MRF models segment by defining and minimizing a joint energy over the appearance and boundaries of the segmentation. Graph Cut is an efficient method for optimizing these energies when the boundary term is simply a sum of edge weights. Cooperative Cut optimizes a higher-order energy defined over the whole boundary that favors congruous edges, like the black antennae of the bee for instance. The cooperative energy is approximately minimized by a series of graph cuts.
In [4]:
# create input graph for segmentation
ig = pycoop.InputGraph(im)
What makes a "congruous" boundary? We define congruence as a function of classes of similar edges. Edges are represented simply as the signed difference of the RGB colors at the ends of the directed edge. These edge features are clustered by k-means to yield edge classes.
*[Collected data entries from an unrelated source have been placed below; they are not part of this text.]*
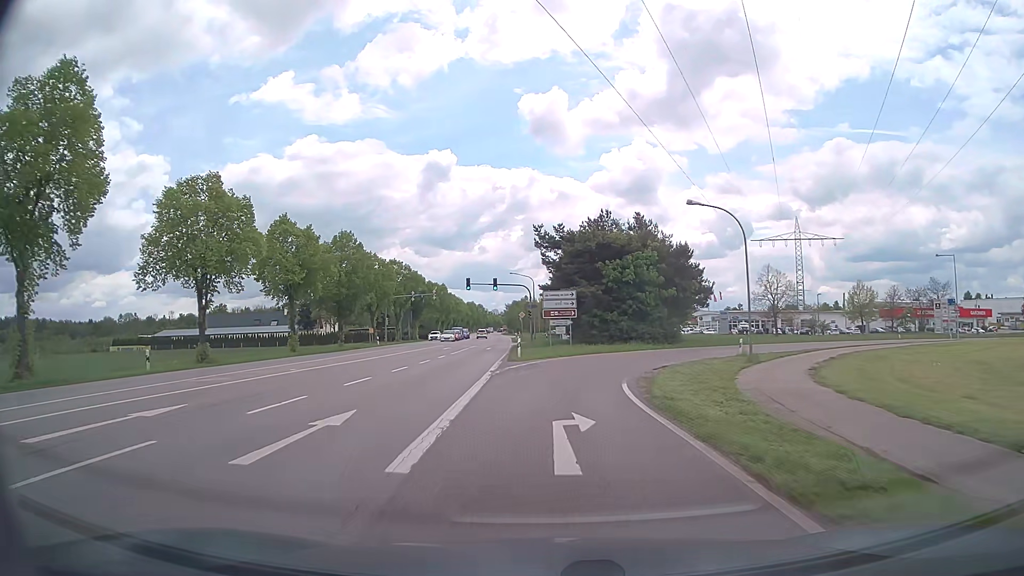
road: secondary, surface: asphalt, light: Day
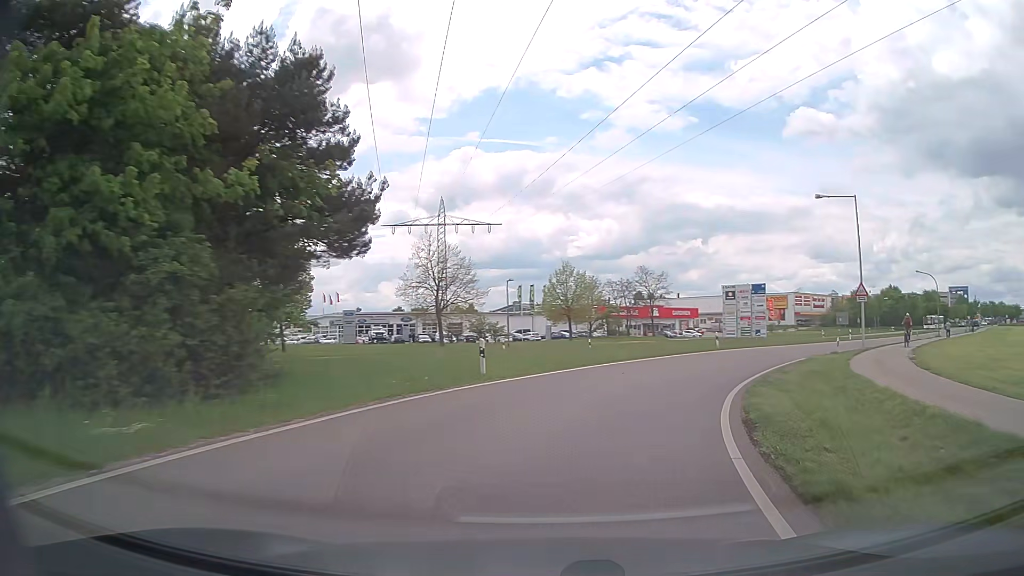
(+6.5, +35.1) m; +32°
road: tertiary_link
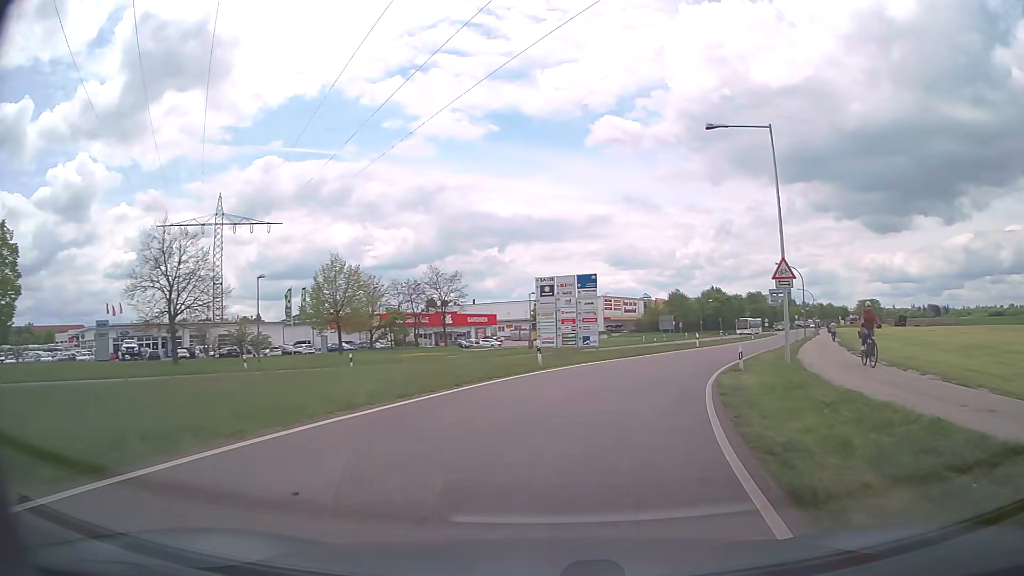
(+2.3, +14.1) m; +17°
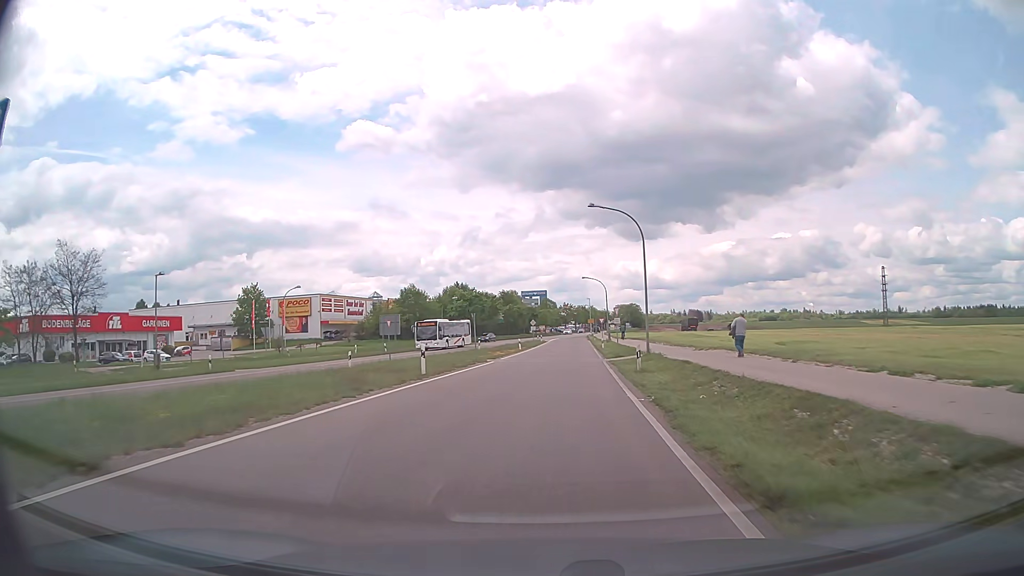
(+7.5, +30.8) m; +23°
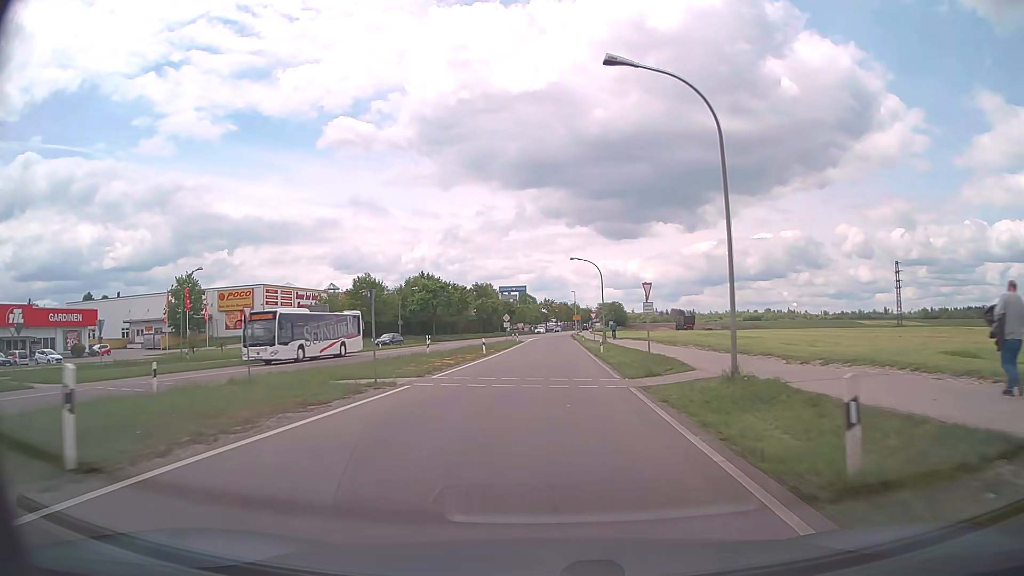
(+0.3, +17.5) m; +2°
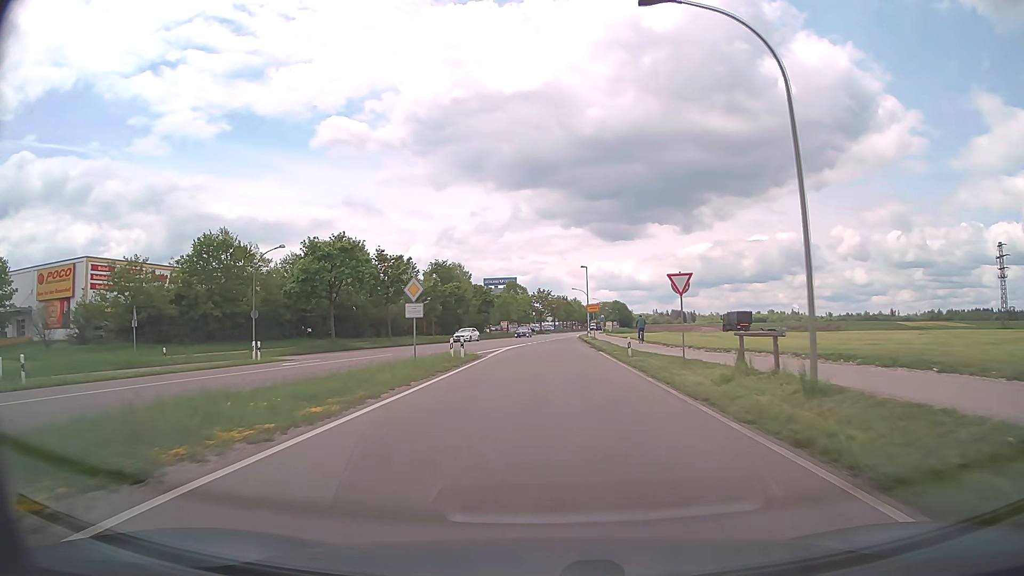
(+0.4, +44.5) m; +1°
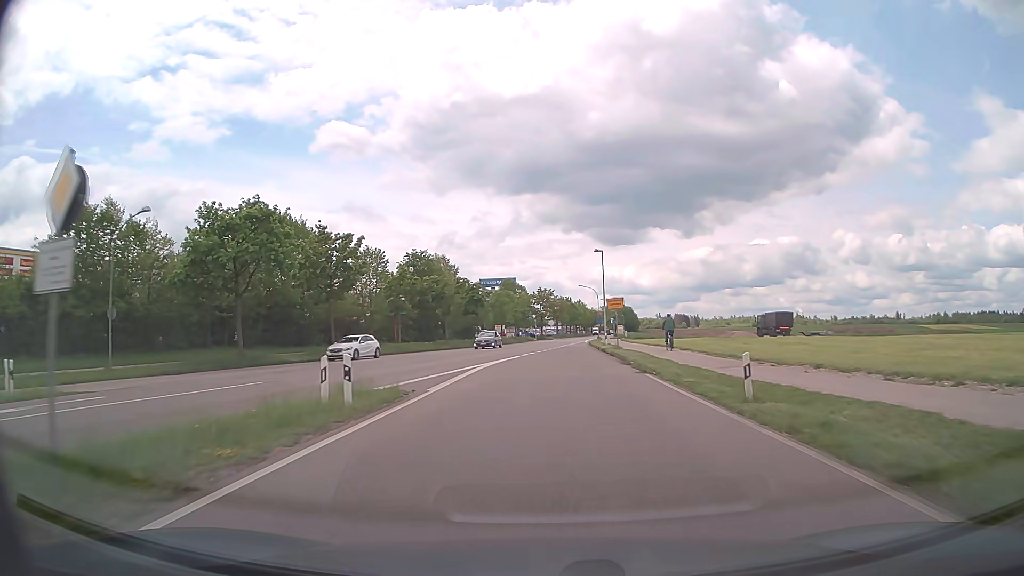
(-0.1, +17.1) m; 0°
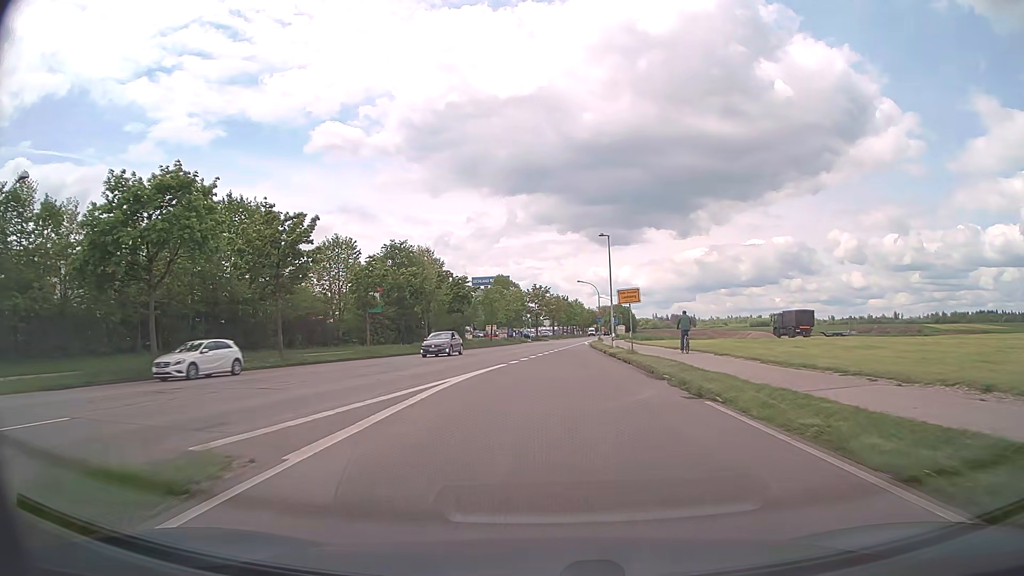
(0.0, +8.5) m; 0°
(0, +10) (0, +20) (0, +30) (0, +40) (+1, +50) (+1, +60) (+2, +70) (+3, +80) (+4, +90) (+5, +100) m

With these classes and a concave discount function e.g. the square root, the cooperative boundary energy is made submodular within classes but modular across classes. (This step may take a moment since the clustering is not optimized.)
In [5]:
# cluster edge gradients to define classes
edge_cluster_classes, edge_centroids = potentials.cluster_edges(ig.edges, k=8)
plt.hist(edge_cluster_classes)
Out[5]:
As expected, the variety in the image gives rise to edge classes that are not uniformally distributed. This is why the thresholds for boundary discounting are proportional to the total weight of a class and not absolute.
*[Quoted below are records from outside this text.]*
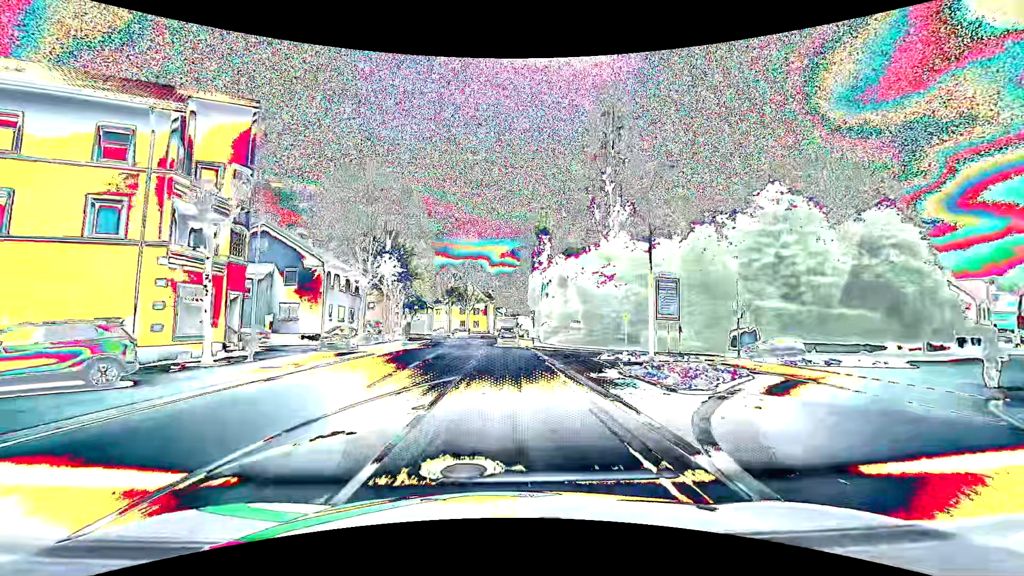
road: primary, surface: asphalt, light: Day
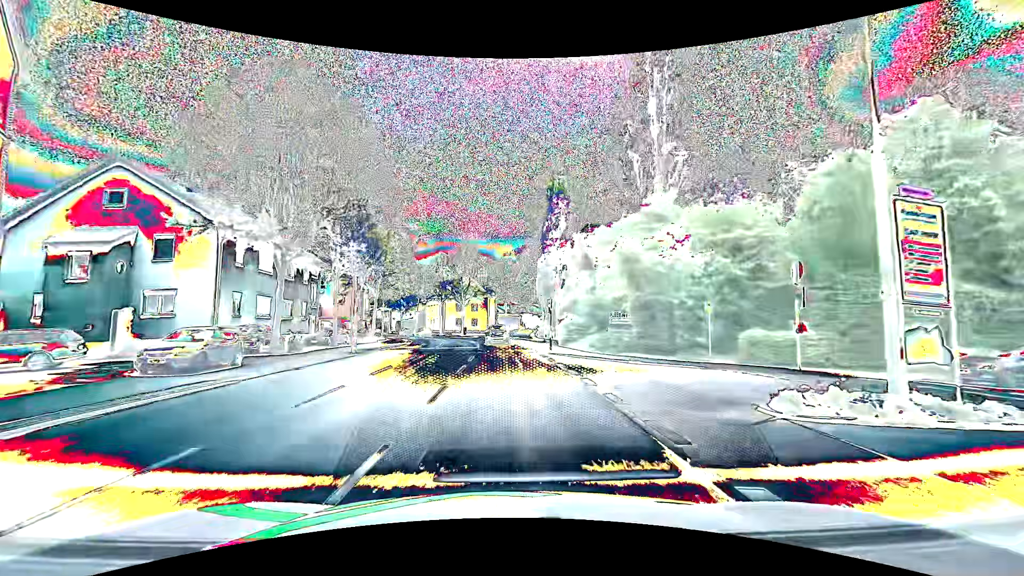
(-0.1, +15.3) m; 0°
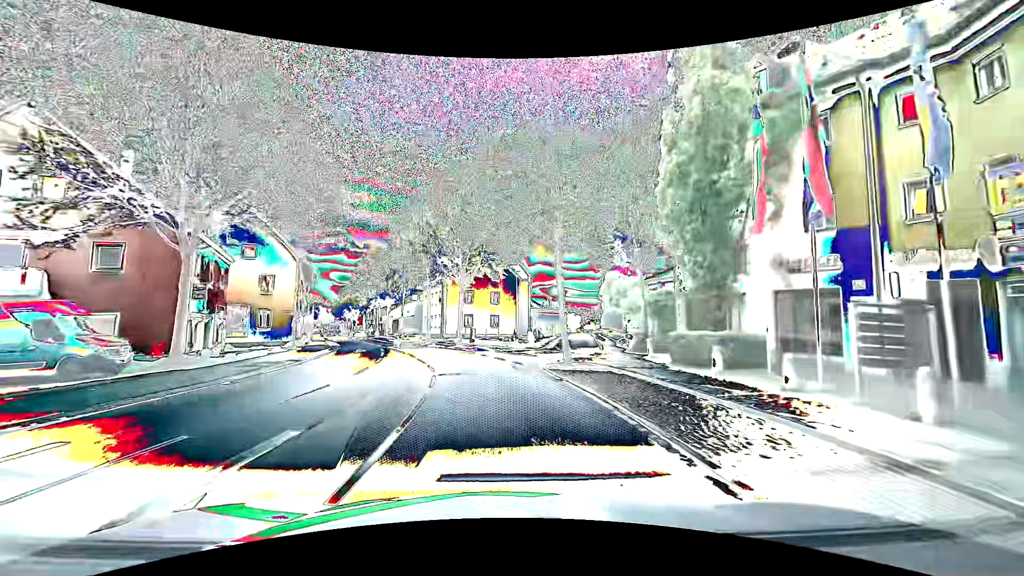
(-0.8, +38.2) m; -4°
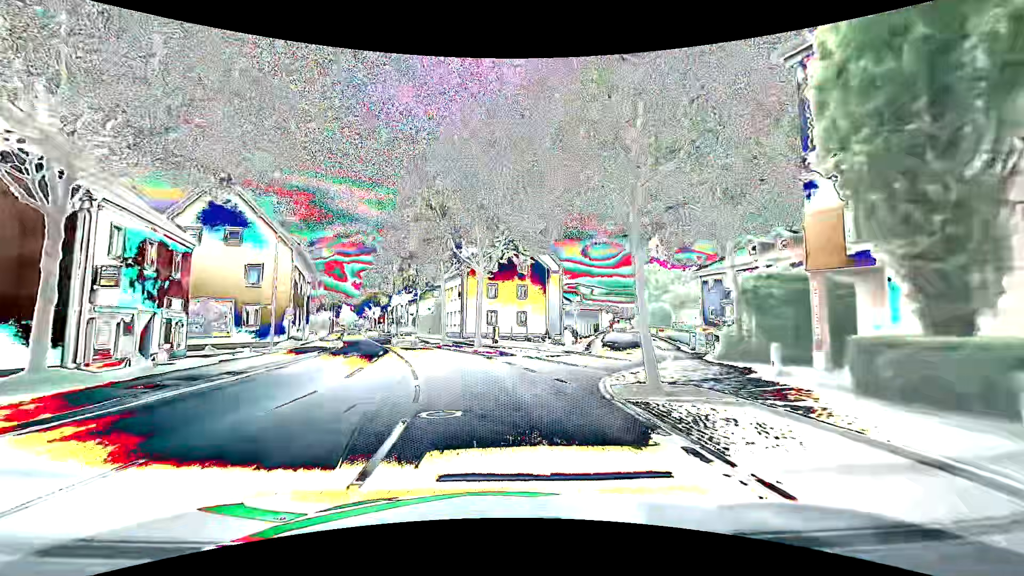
(-0.1, +7.6) m; -2°
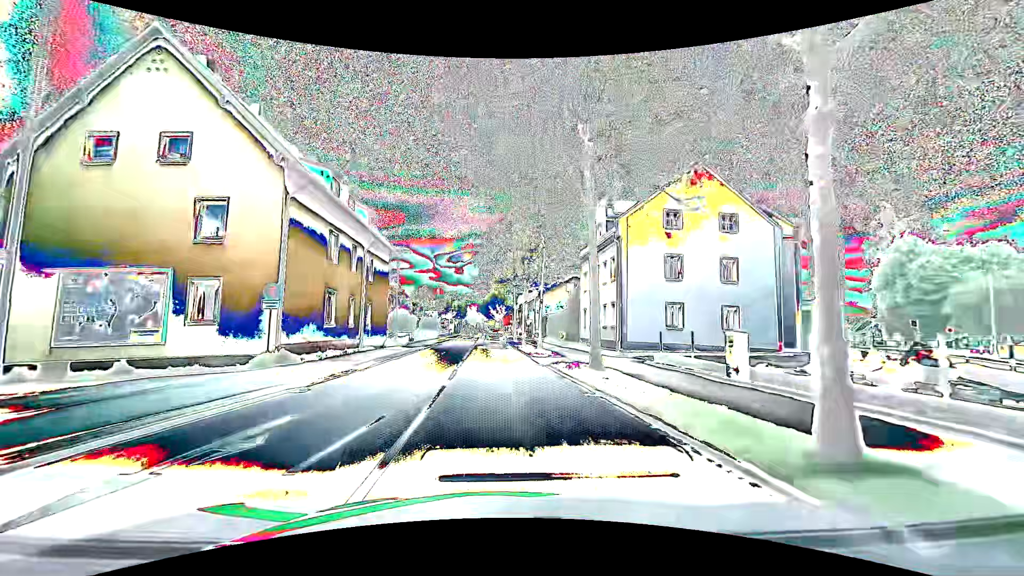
(-3.0, +22.5) m; -15°
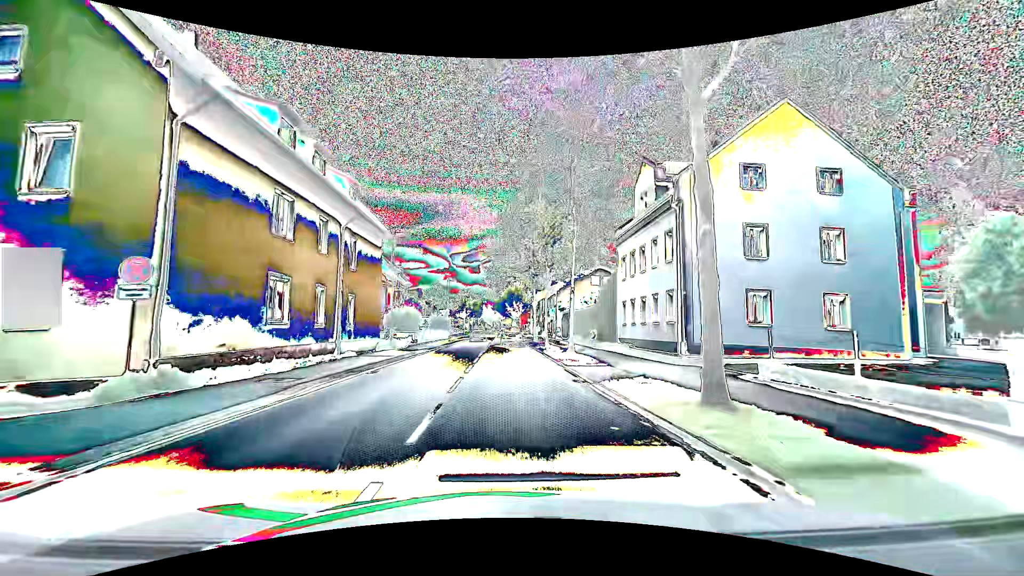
(-0.2, +7.6) m; -2°
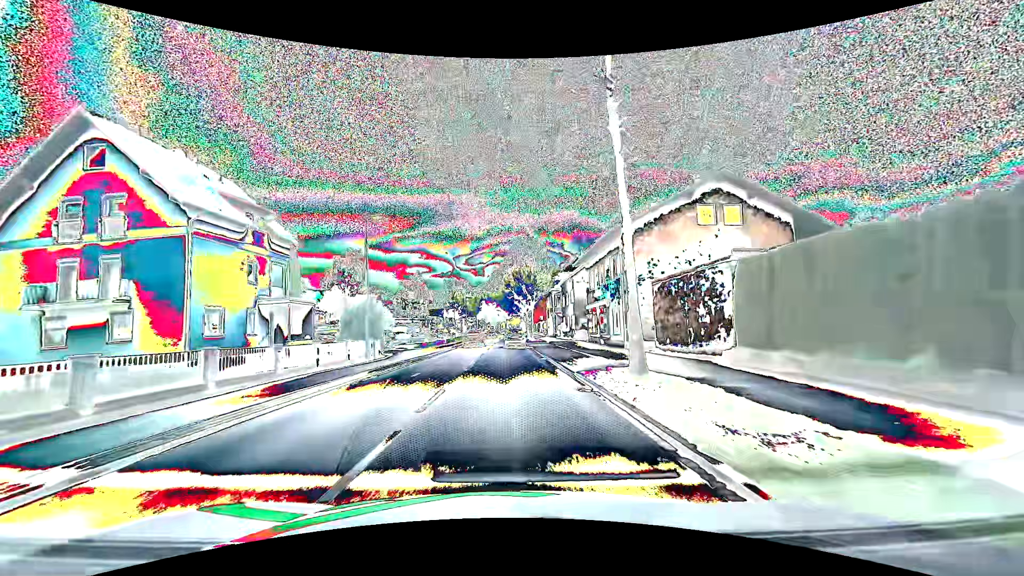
(-0.3, +38.3) m; -2°
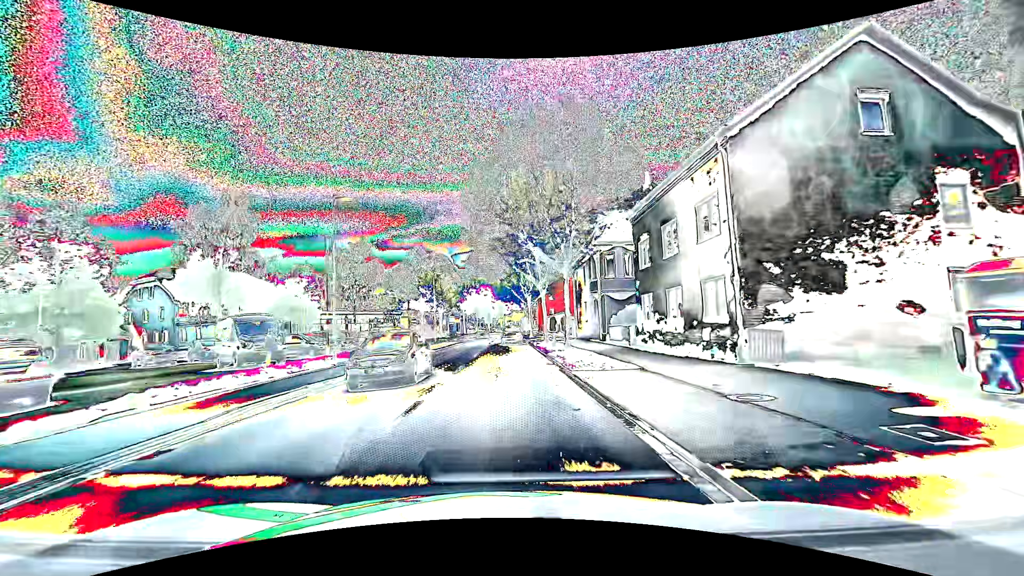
(+0.5, +38.3) m; +1°
(0, +10) (0, +20) (0, +30) (0, +40) (0, +50) (0, +60) (0, +70) (0, +80) (0, +90) (0, +100) m

The last class is much larger than the rest. It is a special class for nearly identical edges in constant image regions; these are excluded from the submodular discount since they do not form boundaries.
Let's compare Cooperative Cut and Graph Cut segmentations. Cooperative Cut's boundary energy is a sum of thresholded submodular functions while Graph Cut's boundary is a sum and so fully modular. The boundary energy can be made fully submodular by relaxing the thresholds completely so that every edge is discounted in a "Submodular Cut."
In [6]:
# segment by coopcut, graphcut (full modular cut), and full submodular cut
ig.setClasses(edge_cluster_classes, 8)
ig.setUnaries(fg_un, bg_un)
label_im, cc_cost, cc_cut = pycoop.segment(ig, lambda_=2.5, theta=0.01, max_iter=12)
result_cc = np.ones_like(im)
result_cc[label_im] = im[label_im]*255
subplot(1,3,1)
title('coop cut')
imshow(result_cc)
label_im, cost, cut = pycoop.segment(ig, lambda_=2.5, theta=1, max_iter=12)
result_gc = np.ones_like(im)
result_gc[label_im] = im[label_im]*255
subplot(1,3,2)
title('graph cut')
imshow(result_gc)
label_im, cost, cut = pycoop.segment(ig, lambda_=2.5, theta=-1, max_iter=12)
result_submod = np.ones_like(im)
result_submod[label_im] = im[label_im]*255
subplot(1,3,3)
title('submod cut')
imshow(result_submod)
Out[6]:
Cooperative Cut regularizes away the background regions while retaining the fine structures. Graph Cut is susceptible to the shortcut bias in this instance. Submodular Cut shows the importance of thresholding the discount functions: without thresholds, the boundary is over-discounted so that nearly any arrangement yields a low energy.
lambda_ controls the regularization strength as the coefficient on the boundary term in the energy.theta is the difference threshold for "identical" edges s.t. these edges are never discounted. For no discounting i.e. Graph Cut, set this to 1. For discounting of all edges, set this to -1.max_iter limits the number of iterations of the approximate inference routine. In practice it converges in $\sim$ 3-6 iterations.Experiment with the parameters and try this example on your own image and marks!